Electron-phonon coupling as an order-one problem

TL;DR

This paper introduces an O(1) computational method for calculating electron-phonon coupling constants using density functional theory, significantly reducing computational costs while maintaining accuracy, and enabling new insights into isotope effects and molecular transitions.

Contribution

The paper presents a novel O(1) approach to compute electron-phonon coupling constants, leveraging Janak's theorem within density functional theory, which is more efficient than traditional methods.

Findings

O(1) method yields accurate electron-phonon coupling constants

Approach enables fast calculation of ionization potentials and electron affinities for large molecules

Method allows for efficient computation of isotope effects and Mott transitions

Abstract

The coupling between electrons and phonons plays important roles in physics, chemistry and biology. However, the accurate calculation of the electron-phonon coupling constants is computationally expensive as it involves solving the Schrodinger equation for O(N) nuclear configurations, where N is the number of nuclei. Herein we show that by considering the forces on the nuclei caused by the addition or subtraction of an arbitrarily small electronic charge one may calculate the electron-phonon coupling constants from O(1) solutions of the Schrodinger equation. We show that Janak's theorem means that this procedure is exact within the density functional formalism.
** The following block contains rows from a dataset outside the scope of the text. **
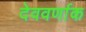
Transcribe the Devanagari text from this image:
देववर्णाक
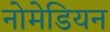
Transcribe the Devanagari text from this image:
नोमेडियन
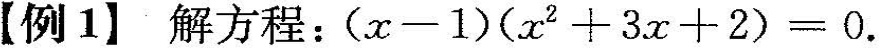
【例1】解方程：$$ ( x - 1 ) ( x ^ { 2 } + 3 x + 2 ) = 0$$.
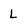
Character: L
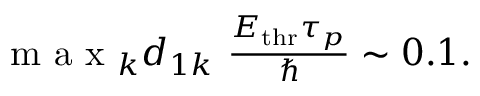
\begin{array} { r } { \mathrm { ~ m ~ a ~ x ~ } _ { k } d _ { 1 k } \ \frac { E _ { \mathrm { { t h r } } } \tau _ { p } } { \hbar } \sim 0 . 1 . } \end{array}
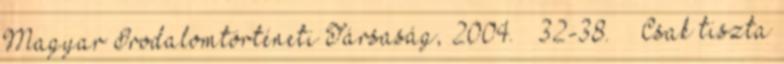
Magyar Irodalomtörténeti Társaság, 2004. – 32-38. – „Csak tiszta
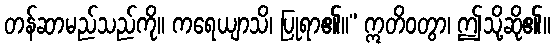
တန်ဆာမည်သည်ကို။ ကရေယျာသိ၊ ပြုရာ၏။” ဣတိဝတွာ၊ ဤသို့ဆို၏။

We demonstrate that the O(1) approach produces numerically accurate results by calculating the electron-phonon coupling constants for a series of molecules ranging in size from H_2 to C_60. We use our approach to introduce a computationally fast approximation for the adiabatic ionisation potentials and electron affinities which is shown to be accurate for large molecules. We also show that our approach allows for the calculation isotope effects in O(0) time and discuss the deuteration driven Mott transition in kappa-(BEDT-TTF)_2Cu[N(CN)_2]Br.